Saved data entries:
───

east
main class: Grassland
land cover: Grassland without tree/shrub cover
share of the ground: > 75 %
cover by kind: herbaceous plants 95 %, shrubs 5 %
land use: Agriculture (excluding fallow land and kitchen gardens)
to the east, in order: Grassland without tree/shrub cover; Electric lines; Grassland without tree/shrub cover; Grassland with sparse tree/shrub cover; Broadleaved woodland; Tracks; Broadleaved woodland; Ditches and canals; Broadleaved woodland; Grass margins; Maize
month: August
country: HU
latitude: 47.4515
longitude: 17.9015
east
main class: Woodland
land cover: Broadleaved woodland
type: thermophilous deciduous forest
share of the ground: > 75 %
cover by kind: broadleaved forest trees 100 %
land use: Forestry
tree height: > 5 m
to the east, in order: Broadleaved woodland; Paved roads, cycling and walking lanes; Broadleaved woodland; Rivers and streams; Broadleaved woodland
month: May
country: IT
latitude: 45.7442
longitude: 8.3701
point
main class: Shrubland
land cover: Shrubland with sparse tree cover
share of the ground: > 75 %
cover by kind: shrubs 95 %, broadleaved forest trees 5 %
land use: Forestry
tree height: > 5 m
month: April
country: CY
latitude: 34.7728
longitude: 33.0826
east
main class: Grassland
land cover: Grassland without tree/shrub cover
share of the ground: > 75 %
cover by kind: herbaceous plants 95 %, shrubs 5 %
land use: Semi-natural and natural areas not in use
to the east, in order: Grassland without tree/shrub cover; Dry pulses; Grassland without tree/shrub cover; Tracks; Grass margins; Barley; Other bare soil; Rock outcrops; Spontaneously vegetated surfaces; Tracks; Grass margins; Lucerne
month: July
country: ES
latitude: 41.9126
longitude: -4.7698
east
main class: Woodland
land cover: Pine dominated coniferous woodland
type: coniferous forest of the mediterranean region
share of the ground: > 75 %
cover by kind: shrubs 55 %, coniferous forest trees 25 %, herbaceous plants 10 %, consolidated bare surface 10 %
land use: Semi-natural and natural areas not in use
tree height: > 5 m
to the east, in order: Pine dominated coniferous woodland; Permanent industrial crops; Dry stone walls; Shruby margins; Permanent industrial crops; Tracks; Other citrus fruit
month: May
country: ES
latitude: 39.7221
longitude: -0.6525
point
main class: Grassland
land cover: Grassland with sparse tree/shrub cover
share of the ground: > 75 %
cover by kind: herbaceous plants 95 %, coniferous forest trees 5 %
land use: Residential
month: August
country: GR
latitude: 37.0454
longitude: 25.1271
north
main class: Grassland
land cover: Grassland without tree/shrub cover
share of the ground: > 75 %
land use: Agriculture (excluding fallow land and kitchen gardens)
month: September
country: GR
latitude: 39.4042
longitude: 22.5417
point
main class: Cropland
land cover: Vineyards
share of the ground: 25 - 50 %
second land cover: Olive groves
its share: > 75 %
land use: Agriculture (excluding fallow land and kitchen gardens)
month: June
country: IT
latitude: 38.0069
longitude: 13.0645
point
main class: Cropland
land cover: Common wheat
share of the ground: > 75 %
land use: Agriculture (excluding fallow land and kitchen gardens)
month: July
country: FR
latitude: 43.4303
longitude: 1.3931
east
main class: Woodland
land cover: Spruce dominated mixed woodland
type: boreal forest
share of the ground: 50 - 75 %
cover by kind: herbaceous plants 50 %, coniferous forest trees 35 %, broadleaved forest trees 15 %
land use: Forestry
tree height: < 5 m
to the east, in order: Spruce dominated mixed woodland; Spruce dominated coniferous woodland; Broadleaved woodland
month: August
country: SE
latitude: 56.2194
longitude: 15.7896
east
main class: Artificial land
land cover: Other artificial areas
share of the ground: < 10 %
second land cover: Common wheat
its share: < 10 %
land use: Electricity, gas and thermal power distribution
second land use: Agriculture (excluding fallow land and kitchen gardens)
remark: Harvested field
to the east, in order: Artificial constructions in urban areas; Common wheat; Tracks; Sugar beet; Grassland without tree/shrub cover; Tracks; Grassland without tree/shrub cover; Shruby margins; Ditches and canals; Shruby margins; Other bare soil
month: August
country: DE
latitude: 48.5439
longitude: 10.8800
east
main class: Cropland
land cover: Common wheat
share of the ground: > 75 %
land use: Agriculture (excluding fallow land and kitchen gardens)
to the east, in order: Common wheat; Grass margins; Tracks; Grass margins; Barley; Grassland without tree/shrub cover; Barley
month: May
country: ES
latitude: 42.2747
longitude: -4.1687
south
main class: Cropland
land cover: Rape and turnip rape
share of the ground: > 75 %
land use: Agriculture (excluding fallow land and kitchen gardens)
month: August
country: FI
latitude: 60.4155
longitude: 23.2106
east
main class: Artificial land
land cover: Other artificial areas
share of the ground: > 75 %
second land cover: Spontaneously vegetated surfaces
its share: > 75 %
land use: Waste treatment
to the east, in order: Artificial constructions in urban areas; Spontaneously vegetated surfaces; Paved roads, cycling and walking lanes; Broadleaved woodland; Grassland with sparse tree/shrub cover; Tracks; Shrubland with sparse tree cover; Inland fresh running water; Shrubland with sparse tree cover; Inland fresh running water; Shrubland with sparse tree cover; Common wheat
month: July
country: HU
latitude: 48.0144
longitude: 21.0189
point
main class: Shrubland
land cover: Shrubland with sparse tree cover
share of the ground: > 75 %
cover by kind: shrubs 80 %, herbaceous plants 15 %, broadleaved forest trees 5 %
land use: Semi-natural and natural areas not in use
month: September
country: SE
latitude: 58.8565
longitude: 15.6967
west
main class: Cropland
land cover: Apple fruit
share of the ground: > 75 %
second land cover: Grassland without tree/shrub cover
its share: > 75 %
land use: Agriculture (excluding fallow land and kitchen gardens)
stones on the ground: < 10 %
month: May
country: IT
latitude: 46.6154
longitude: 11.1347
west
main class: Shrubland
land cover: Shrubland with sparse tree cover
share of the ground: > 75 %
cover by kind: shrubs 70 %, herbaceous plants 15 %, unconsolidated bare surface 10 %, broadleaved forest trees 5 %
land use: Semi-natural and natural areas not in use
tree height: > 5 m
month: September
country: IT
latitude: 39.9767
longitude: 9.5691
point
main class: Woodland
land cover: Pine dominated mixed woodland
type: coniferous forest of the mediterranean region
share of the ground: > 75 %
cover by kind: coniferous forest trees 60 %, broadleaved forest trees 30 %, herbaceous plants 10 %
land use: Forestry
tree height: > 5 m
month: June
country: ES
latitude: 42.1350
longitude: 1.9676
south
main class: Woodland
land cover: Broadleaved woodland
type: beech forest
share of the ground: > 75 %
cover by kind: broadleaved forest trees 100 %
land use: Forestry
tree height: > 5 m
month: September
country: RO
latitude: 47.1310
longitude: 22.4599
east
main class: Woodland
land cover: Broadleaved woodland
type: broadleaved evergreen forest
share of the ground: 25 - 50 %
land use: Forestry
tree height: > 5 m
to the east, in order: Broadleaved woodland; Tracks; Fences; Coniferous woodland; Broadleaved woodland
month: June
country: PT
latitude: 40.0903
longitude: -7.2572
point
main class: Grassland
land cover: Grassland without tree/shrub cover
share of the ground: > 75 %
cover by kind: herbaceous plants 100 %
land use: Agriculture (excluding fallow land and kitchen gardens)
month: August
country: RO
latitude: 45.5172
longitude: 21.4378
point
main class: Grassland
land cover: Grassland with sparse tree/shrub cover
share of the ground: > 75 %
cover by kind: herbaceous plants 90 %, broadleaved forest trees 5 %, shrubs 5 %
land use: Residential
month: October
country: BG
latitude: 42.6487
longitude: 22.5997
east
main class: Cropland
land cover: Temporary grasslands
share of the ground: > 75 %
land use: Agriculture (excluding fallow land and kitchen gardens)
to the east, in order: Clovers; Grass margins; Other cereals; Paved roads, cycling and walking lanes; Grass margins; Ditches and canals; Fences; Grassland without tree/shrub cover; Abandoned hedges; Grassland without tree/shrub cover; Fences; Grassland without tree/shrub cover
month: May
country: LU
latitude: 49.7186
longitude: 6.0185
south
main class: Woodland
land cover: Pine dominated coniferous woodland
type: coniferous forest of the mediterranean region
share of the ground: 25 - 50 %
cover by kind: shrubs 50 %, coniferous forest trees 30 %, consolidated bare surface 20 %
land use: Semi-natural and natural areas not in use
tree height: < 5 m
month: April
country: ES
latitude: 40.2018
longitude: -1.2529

───

What is needed — Above are the entries. Output exactly the lines beginning with the line that has "latitude: 48.0144" and ending with the line that has "latitude: 58.8565".

Response for this exercise —
latitude: 48.0144
longitude: 21.0189
point
main class: Shrubland
land cover: Shrubland with sparse tree cover
share of the ground: > 75 %
cover by kind: shrubs 80 %, herbaceous plants 15 %, broadleaved forest trees 5 %
land use: Semi-natural and natural areas not in use
month: September
country: SE
latitude: 58.8565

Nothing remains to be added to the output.